ST. PETERSBURG, Fla. (AP) — It was 10 years after the death of their father that associates of filmmaker Laura Brownson brought her an article to read about the late Dan Wheldon.

Standing below the monument on Dan Wheldon Way along the downtown St. Petersburg race course that honors the late two-time Indianapolis 500 winner, his two pre-teen sons were named junior development drivers at Andretti Global in their own bid to follow the father they barely knew.

Wheldon was 33 when he was killed in a horrific crash at Las Vegas Motor Speedway just five months after winning his second Indy 500 title. His son, Oliver, was an infant riding in his mother's arms on the victory lap. Sebastian, who has home videos as a toddler with his father, was not yet 3 but kissed the bricks at Indianapolis Motor Speedway alongside the beloved British racer.

Wheldon was a popular, funny, confident character in the IndyCar community and his death rocked the entire series. No one was more devastated than his widow, Susie, who 10 years later was still grieving and yet willing to let her boys follow their father's career path.

Brownson, a mother of two sons herself, in that article immediately found her next project.

“When I read that, I was like ‘OK, this is not a story just about a racecar driver,'" Brownson told The Associated Press. “It’s about fulfilling legacy, it's about grief and love and loss and all those universal themes. Sure, it's a story about Dan. But it's a story about Susie and her boys, too.”

The result is “The Lionheart" documentary that had screenings at the Tribeca Festival and won awards at the Heartland International Film Festival and the Key West Film Festival. It was shown to an IndyCar-invited audience in St. Petersburg ahead of the season-opening race weekend — St. Pete was where the Wheldons made their home starting in 2005 — and makes its wide debut Tuesday night on HBO and streamed on Max.

It's an emotional documentary that leans on archival footage to follow Wheldon’s career while interlaying Susie's struggles as a single mother trying to navigate the careers of her sons in a high-risk sport. The film includes private moments with Susie and the boys, who at times find the constant reminiscing “too intense” and express their resentment at being the only racers at the track who don't have a father on hand to help them hone their craft.

Sebastian is now 15 and a moody teenager, while Oliver is a few weeks shy of 13, and Susie packed them up and moved them to Miami so they'd be closer to Homestead-Miami Speedway and near-daily track days.

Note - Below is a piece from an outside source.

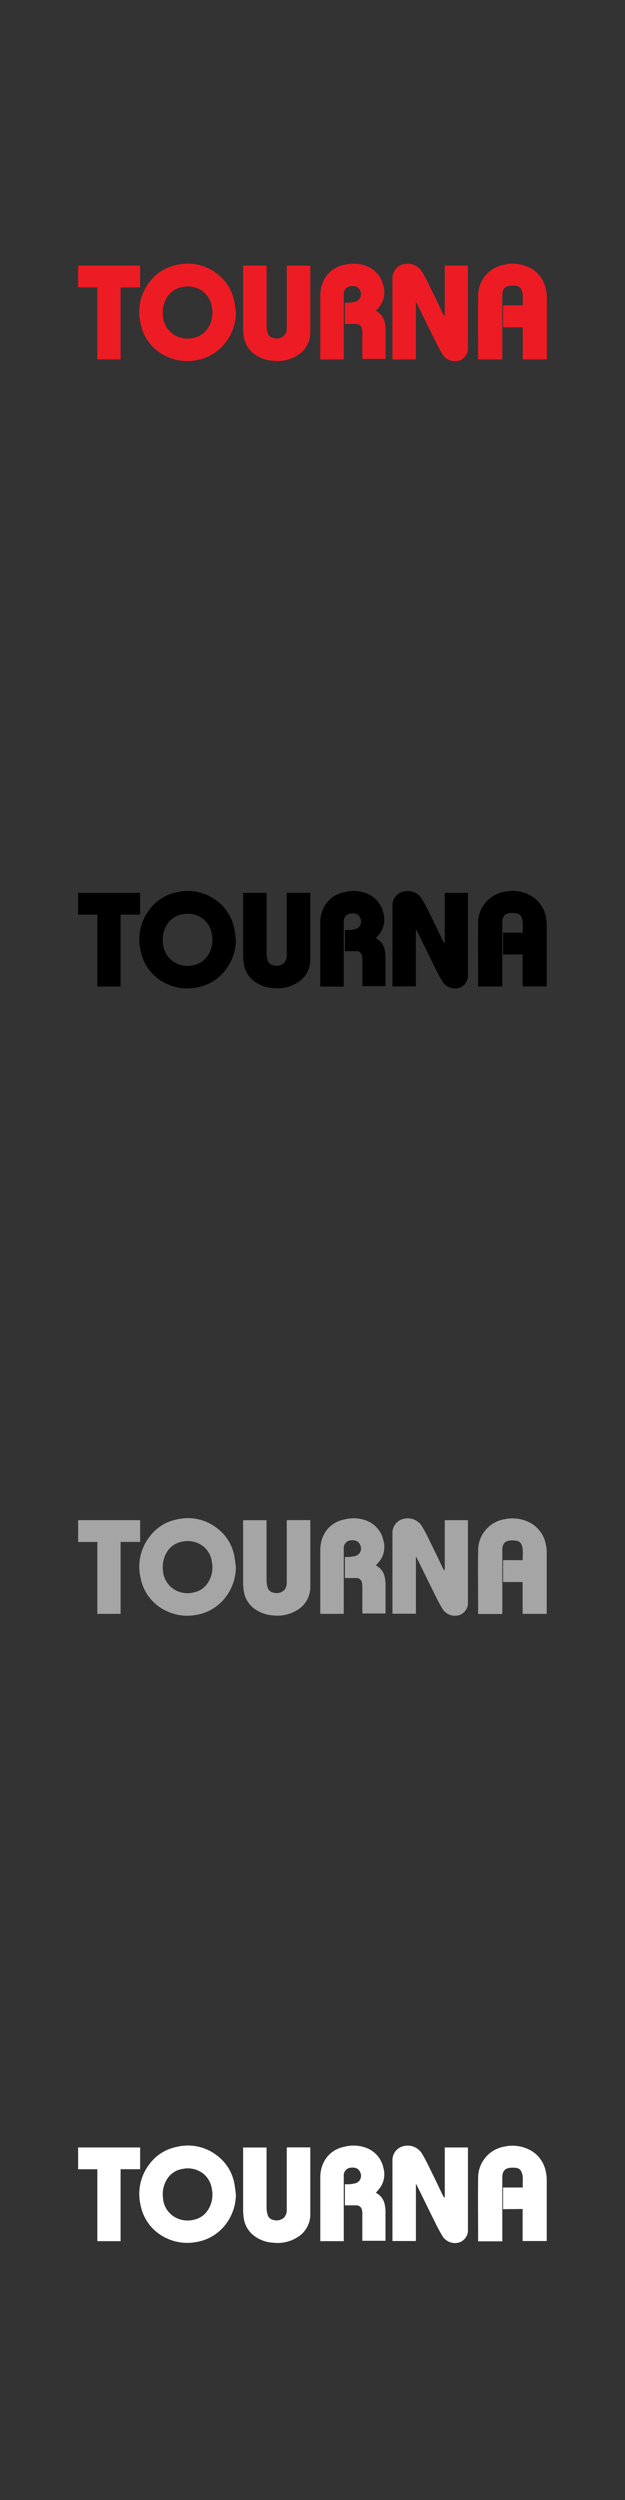 <svg xmlns="http://www.w3.org/2000/svg" viewBox="0 0 160 640"><rect x="0" y="0" width="160" height="640" fill="#333333" stroke="none"/><defs><style>.cls-1{fill:#ed1c24;}.cls-2{fill:#a6a5a5;}.cls-3{fill:#fff;}</style></defs><g id="Tourna"><path class="cls-1" d="M113.86,80.73V68h5.93v.65q0,10.16,0,20.31a3.29,3.29,0,0,1-2.15,3.33,3.8,3.8,0,0,1-4.21-1.35c-1-1.6-1.82-3.28-2.66-5-1.35-2.69-2.64-5.41-4-8.13-.07-.13-.15-.26-.3-.51V92h-6V71.16a3.64,3.64,0,0,1,3-3.55,4.25,4.25,0,0,1,4.66,2.13c1,1.65,1.79,3.41,2.65,5.14s1.75,3.64,2.63,5.46l.22.42Z"/><path class="cls-1" d="M60.39,80a12.76,12.76,0,0,1-2.88,8A11.85,11.85,0,0,1,50,92.26a12.37,12.37,0,0,1-7.52-1.09A11.7,11.7,0,0,1,36,82.87a12.49,12.49,0,0,1,2.25-10.64,11.38,11.38,0,0,1,6.89-4.38,12.13,12.13,0,0,1,10.63,2.39A11.55,11.55,0,0,1,59.94,77C60.16,78,60.24,79,60.39,80Zm-6,0c0-.47-.08-.94-.16-1.4a6.08,6.08,0,0,0-2-3.75,6.41,6.41,0,0,0-5.53-1.37,5.67,5.67,0,0,0-4.16,3,7.22,7.22,0,0,0-.82,4.38A6.14,6.14,0,0,0,45.08,86a6.6,6.6,0,0,0,4.54.48,5.53,5.53,0,0,0,3.05-1.76A7,7,0,0,0,54.37,80Z"/><path class="cls-1" d="M128.79,83.78v-5.6h5.05c-.11-1.38.23-2.72-.35-4a1.53,1.53,0,0,0-1.23-1,6.42,6.42,0,0,0-2,0c-1.16.25-1.67,1-1.67,2.44,0,5.21,0,10.43,0,15.64V92H122.4v-.62c0-5.16-.07-10.32,0-15.48a8.1,8.1,0,0,1,6.77-8.16A9.55,9.55,0,0,1,136.42,69a8,8,0,0,1,3.35,5.18,10.05,10.05,0,0,1,.22,2c0,5,0,10,0,15V92h-6.17v-8.2Z"/><path class="cls-1" d="M82,92V85.28c0-3.22,0-6.44,0-9.66A8.4,8.4,0,0,1,83.32,71a7.33,7.33,0,0,1,4.78-3.18,9.32,9.32,0,0,1,5.9.35,7,7,0,0,1,4.15,5,6,6,0,0,1-.76,5,16.8,16.8,0,0,1-1.17,1.41,4.18,4.18,0,0,1,2.2,2.69,9.45,9.45,0,0,1,.28,2c0,2.43,0,4.86,0,7.3,0,.09,0,.18,0,.3H92.76V91.4c0-2.12,0-4.25,0-6.37A4.29,4.29,0,0,0,92.62,84a1.42,1.42,0,0,0-1.46-1.06c-1,0-1.9,0-2.87,0V77.49a10.92,10.92,0,0,0,1.28,0,10.47,10.47,0,0,0,1.58-.29,2,2,0,0,0,1.09-2.71c-.49-1.23-1.59-1.37-2.66-1.22A2,2,0,0,0,88,75.4q0,4.47,0,8.94V92Z"/><path class="cls-1" d="M73.44,68h6v.64c0,5.51,0,11,0,16.52A6.84,6.84,0,0,1,76,91.05a9.47,9.47,0,0,1-6.1,1.31,8.83,8.83,0,0,1-5-1.88,6.85,6.85,0,0,1-2.43-4,15.25,15.25,0,0,1-.23-2.71c0-5,0-10.06,0-15.09V68h6v.63c0,4.93,0,9.85,0,14.77a6.19,6.19,0,0,0,.24,1.71A1.86,1.86,0,0,0,70,86.54a2.82,2.82,0,0,0,2.77-.66,2.9,2.9,0,0,0,.64-2q0-7.6,0-15.2Z"/><path class="cls-1" d="M24.92,73.56H20V68H35.87v5.57h-5V92H24.92Z"/><path d="M113.86,241.32V228.57h5.93v.65q0,10.16,0,20.31a3.29,3.29,0,0,1-2.15,3.33,3.8,3.8,0,0,1-4.21-1.35c-1-1.6-1.82-3.28-2.66-5-1.35-2.69-2.64-5.41-4-8.13-.07-.13-.15-.26-.3-.51v14.65h-6V231.75a3.64,3.64,0,0,1,3-3.55,4.25,4.25,0,0,1,4.66,2.13c1,1.65,1.79,3.41,2.65,5.14s1.75,3.64,2.63,5.46l.22.42Z"/><path d="M60.39,240.59a12.76,12.76,0,0,1-2.88,8,11.85,11.85,0,0,1-7.5,4.27,12.37,12.37,0,0,1-7.52-1.09,11.7,11.7,0,0,1-6.47-8.3,12.49,12.49,0,0,1,2.25-10.64,11.38,11.38,0,0,1,6.89-4.38,12.13,12.13,0,0,1,10.63,2.39,11.55,11.55,0,0,1,4.15,6.71C60.16,238.54,60.24,239.57,60.39,240.59Zm-6,0c0-.47-.08-.94-.16-1.4a6.08,6.08,0,0,0-2-3.75,6.41,6.41,0,0,0-5.53-1.37,5.67,5.67,0,0,0-4.16,3,7.22,7.22,0,0,0-.82,4.38,6.14,6.14,0,0,0,3.37,5.14,6.6,6.6,0,0,0,4.54.48,5.53,5.53,0,0,0,3.05-1.76A7,7,0,0,0,54.37,240.57Z"/><path d="M128.79,244.37v-5.6h5.05c-.11-1.38.23-2.72-.35-4a1.53,1.53,0,0,0-1.23-.95,6.42,6.42,0,0,0-2-.05c-1.16.25-1.67,1-1.67,2.44,0,5.21,0,10.43,0,15.64v.7H122.4v-.62c0-5.16-.07-10.32,0-15.48a8.1,8.1,0,0,1,6.77-8.16,9.55,9.55,0,0,1,7.22,1.31,8,8,0,0,1,3.35,5.18,10.05,10.05,0,0,1,.22,2.05c0,5,0,10,0,15v.69h-6.17v-8.2Z"/><path d="M82,252.56v-6.69c0-3.22,0-6.44,0-9.66a8.4,8.4,0,0,1,1.31-4.62,7.33,7.33,0,0,1,4.78-3.18,9.32,9.32,0,0,1,5.9.35,7,7,0,0,1,4.15,5,6,6,0,0,1-.76,5,16.8,16.8,0,0,1-1.17,1.41,4.18,4.18,0,0,1,2.2,2.69,9.45,9.45,0,0,1,.28,2c0,2.43,0,4.86,0,7.3,0,.09,0,.18,0,.3H92.76V252c0-2.12,0-4.25,0-6.37a4.29,4.29,0,0,0-.13-1.07,1.42,1.42,0,0,0-1.46-1.06c-1,0-1.9,0-2.87,0v-5.41a10.92,10.92,0,0,0,1.28,0,10.47,10.47,0,0,0,1.58-.29,2,2,0,0,0,1.09-2.71c-.49-1.23-1.59-1.37-2.66-1.22A2,2,0,0,0,88,236q0,4.47,0,8.94v7.63Z"/><path d="M73.44,228.55h6v.64c0,5.51,0,11,0,16.52A6.84,6.84,0,0,1,76,251.64a9.47,9.47,0,0,1-6.1,1.31,8.83,8.83,0,0,1-5-1.88,6.85,6.85,0,0,1-2.43-4,15.25,15.25,0,0,1-.23-2.71c0-5,0-10.06,0-15.09v-.69h6v.63c0,4.93,0,9.85,0,14.77a6.19,6.19,0,0,0,.24,1.71A1.86,1.86,0,0,0,70,247.13a2.82,2.82,0,0,0,2.77-.66,2.9,2.9,0,0,0,.64-2q0-7.6,0-15.2Z"/><path d="M24.92,234.15H20v-5.58H35.87v5.57h-5v18.42H24.92Z"/><path class="cls-2" d="M113.86,401.91V389.16h5.93v.65q0,10.15,0,20.31a3.29,3.29,0,0,1-2.15,3.33,3.8,3.8,0,0,1-4.21-1.35c-1-1.6-1.82-3.28-2.66-5-1.35-2.69-2.64-5.41-4-8.13-.07-.13-.15-.26-.3-.51v14.65h-6V392.34a3.64,3.64,0,0,1,3-3.55,4.25,4.25,0,0,1,4.66,2.13c1,1.65,1.79,3.41,2.65,5.14s1.75,3.64,2.63,5.46l.22.42Z"/><path class="cls-2" d="M60.39,401.18a12.76,12.76,0,0,1-2.88,8,11.85,11.85,0,0,1-7.5,4.27,12.37,12.37,0,0,1-7.52-1.09,11.7,11.7,0,0,1-6.47-8.3,12.49,12.49,0,0,1,2.25-10.64A11.38,11.38,0,0,1,45.16,389a12.13,12.13,0,0,1,10.63,2.39,11.55,11.55,0,0,1,4.15,6.71C60.16,399.13,60.24,400.16,60.39,401.18Zm-6,0c0-.47-.08-.94-.16-1.4a6.08,6.08,0,0,0-2-3.75,6.41,6.41,0,0,0-5.53-1.37,5.67,5.67,0,0,0-4.16,3,7.22,7.22,0,0,0-.82,4.38,6.14,6.14,0,0,0,3.37,5.14,6.6,6.6,0,0,0,4.54.48,5.53,5.53,0,0,0,3.05-1.76A7,7,0,0,0,54.37,401.16Z"/><path class="cls-2" d="M128.79,405v-5.6h5.05c-.11-1.38.23-2.72-.35-4a1.53,1.53,0,0,0-1.23-.95,6.42,6.42,0,0,0-2-.05c-1.16.25-1.67,1-1.67,2.44,0,5.21,0,10.43,0,15.64v.7H122.4v-.62c0-5.16-.07-10.32,0-15.48a8.1,8.1,0,0,1,6.77-8.16,9.55,9.55,0,0,1,7.22,1.31,8,8,0,0,1,3.35,5.18,10.05,10.05,0,0,1,.22,2.05c0,5,0,10,0,15v.69h-6.17V405Z"/><path class="cls-2" d="M82,413.15v-6.69c0-3.22,0-6.44,0-9.66a8.4,8.4,0,0,1,1.31-4.62A7.33,7.33,0,0,1,88.1,389a9.32,9.32,0,0,1,5.9.35,7,7,0,0,1,4.15,5,6,6,0,0,1-.76,5,16.8,16.8,0,0,1-1.17,1.41,4.18,4.18,0,0,1,2.2,2.69,9.45,9.45,0,0,1,.28,2c0,2.43,0,4.86,0,7.3,0,.09,0,.18,0,.3H92.76v-.57c0-2.12,0-4.25,0-6.37a4.29,4.29,0,0,0-.13-1.07,1.42,1.42,0,0,0-1.46-1.06H88.29v-5.41a10.92,10.92,0,0,0,1.28,0,10.47,10.47,0,0,0,1.58-.29,2,2,0,0,0,1.09-2.71c-.49-1.23-1.59-1.37-2.66-1.22A2,2,0,0,0,88,396.58q0,4.47,0,8.94v7.63Z"/><path class="cls-2" d="M73.44,389.14h6v.64c0,5.51,0,11,0,16.52A6.84,6.84,0,0,1,76,412.23a9.47,9.47,0,0,1-6.1,1.31,8.83,8.83,0,0,1-5-1.88,6.85,6.85,0,0,1-2.43-4,15.25,15.25,0,0,1-.23-2.71c0-5,0-10.06,0-15.09v-.69h6v.63c0,4.93,0,9.85,0,14.77a6.19,6.19,0,0,0,.24,1.71A1.86,1.86,0,0,0,70,407.72a2.82,2.82,0,0,0,2.77-.66,2.9,2.9,0,0,0,.64-2q0-7.6,0-15.2Z"/><path class="cls-2" d="M24.92,394.74H20v-5.58H35.87v5.57h-5v18.42H24.92Z"/><path class="cls-3" d="M113.86,562.5V549.75h5.93v.65q0,10.15,0,20.31a3.29,3.29,0,0,1-2.15,3.33,3.8,3.8,0,0,1-4.21-1.35c-1-1.6-1.82-3.28-2.66-5-1.35-2.69-2.64-5.41-4-8.12-.07-.14-.15-.27-.3-.52v14.65h-6V552.93a3.64,3.64,0,0,1,3-3.55,4.25,4.25,0,0,1,4.66,2.13c1,1.65,1.79,3.41,2.65,5.14s1.75,3.64,2.63,5.46l.22.42Z"/><path class="cls-3" d="M60.39,561.77a12.76,12.76,0,0,1-2.88,8A11.85,11.85,0,0,1,50,574a12.37,12.37,0,0,1-7.52-1.09,11.7,11.7,0,0,1-6.47-8.3A12.49,12.49,0,0,1,38.27,554a11.38,11.38,0,0,1,6.89-4.38A12.13,12.13,0,0,1,55.79,552a11.55,11.55,0,0,1,4.15,6.71C60.16,559.72,60.24,560.75,60.39,561.77Zm-6,0c0-.47-.08-.94-.16-1.4a6.08,6.08,0,0,0-2-3.75,6.41,6.41,0,0,0-5.53-1.37,5.67,5.67,0,0,0-4.16,3,7.22,7.22,0,0,0-.82,4.38,6.14,6.14,0,0,0,3.37,5.14,6.6,6.6,0,0,0,4.54.48,5.53,5.53,0,0,0,3.05-1.76A7,7,0,0,0,54.37,561.75Z"/><path class="cls-3" d="M128.79,565.55V560h5.05c-.11-1.38.23-2.72-.35-4a1.53,1.53,0,0,0-1.23-1,6.42,6.42,0,0,0-2,0c-1.16.25-1.67,1-1.67,2.44,0,5.21,0,10.43,0,15.64v.7H122.4v-.62c0-5.16-.07-10.32,0-15.48a8.1,8.1,0,0,1,6.77-8.16,9.55,9.55,0,0,1,7.22,1.31,8,8,0,0,1,3.35,5.18,10.05,10.05,0,0,1,.22,2c0,5,0,10,0,15v.69h-6.17v-8.2Z"/><path class="cls-3" d="M82,573.74v-6.69c0-3.22,0-6.44,0-9.66a8.4,8.4,0,0,1,1.31-4.62,7.33,7.33,0,0,1,4.78-3.18,9.32,9.32,0,0,1,5.9.35,7,7,0,0,1,4.15,5,6,6,0,0,1-.76,5,16.8,16.8,0,0,1-1.17,1.41,4.18,4.18,0,0,1,2.2,2.69,9.45,9.45,0,0,1,.28,2c0,2.43,0,4.86,0,7.3,0,.09,0,.18,0,.3H92.76v-.57c0-2.12,0-4.25,0-6.37a4.29,4.29,0,0,0-.13-1.07,1.42,1.42,0,0,0-1.46-1.06H88.29v-5.41a10.92,10.92,0,0,0,1.28,0,10.47,10.47,0,0,0,1.58-.29,2,2,0,0,0,1.09-2.71c-.49-1.23-1.59-1.37-2.66-1.21A2,2,0,0,0,88,557.17q0,4.47,0,8.94v7.63Z"/><path class="cls-3" d="M73.44,549.73h6v.64c0,5.51,0,11,0,16.52A6.84,6.84,0,0,1,76,572.82a9.47,9.47,0,0,1-6.1,1.31,8.83,8.83,0,0,1-5-1.88,6.85,6.85,0,0,1-2.43-4,15.25,15.25,0,0,1-.23-2.71c0-5,0-10.06,0-15.09v-.69h6v.63c0,4.93,0,9.85,0,14.77a6.19,6.19,0,0,0,.24,1.71A1.86,1.86,0,0,0,70,568.31a2.82,2.82,0,0,0,2.77-.66,2.9,2.9,0,0,0,.64-2q0-7.61,0-15.2Z"/><path class="cls-3" d="M24.92,555.33H20v-5.58H35.87v5.57h-5v18.42H24.92Z"/></g></svg>

Sebastian wants to relocate to Europe and climb the ladder system there before returning to the United States to become an IndyCar driver. Oliver also wants to be an IndyCar driver. Both brothers, who are typically sold as a package deal to sponsors, think the Indy 500 is the greatest event in the world and want their chance to win like their dad.

Susie just shrugs about where she's headed next. She's committed to her sons and giving them their chance to follow their father.

“It was never in my mind that I would deny them that, ever,” Susie Wheldon said. “I knew from an early point that if they ever wanted to do that, I would at least give them the opportunity. I don’t want the story to die at the end of Dan’s accident.”

Out of sensitivity to their own grief processing, AP contained most of the questions to the boys about racing and not the movie and their father. Sebastian did acknowledge he learned nothing new about his father from the movie.

Sebastian now competes in USF Juniors, a jump up after winning the Skip Barber championship last year. Oliver is now racing in Skip Barber, one year ahead of when Sebastian made the leap, but the multiple kart champion scored two podiums in his first race weekend earlier this month at Sebring International Speedway.

They are competitive with one another, but the age difference between them gives them enough separation that they aren't yet competing against each other. Represented by their father's agent, Adrian Sussman, Sebastian is already picking up some of his father's habits and has been put on a “five phone calls a day limit” by Sussman, who used to be bombarded by Dan's desire to be involved in every decision.

They acknowledge their father's legacy drew them into racing, but they are determined to make the Wheldon name their own.

“I think it's just part of our family,” Oliver said. “I just love it. I love the speed. I love the racing. It's just all we know and love.”

And Sebastian said he's long learned to tune-out the expectations on him of being Dan Wheldon's son.

“The pressure comes from just being a racecar driver. It bothered me at one point,” Sebastian said. “Like, everybody had an expectation. You stop caring about that.”

Brownson said the documentary is much bigger than a racing film and should appeal to a wide audience.

“The story is for people who are drawn to larger themes of sort of familial legacy, love loss, risk taking, all of those things. You don’t have to like motor sports to relate to Susie as a parent," she said. "And the boys, when they get behind the wheel, they are the closest to their father that they could possibly feel. That’s how they get to know and understand him.”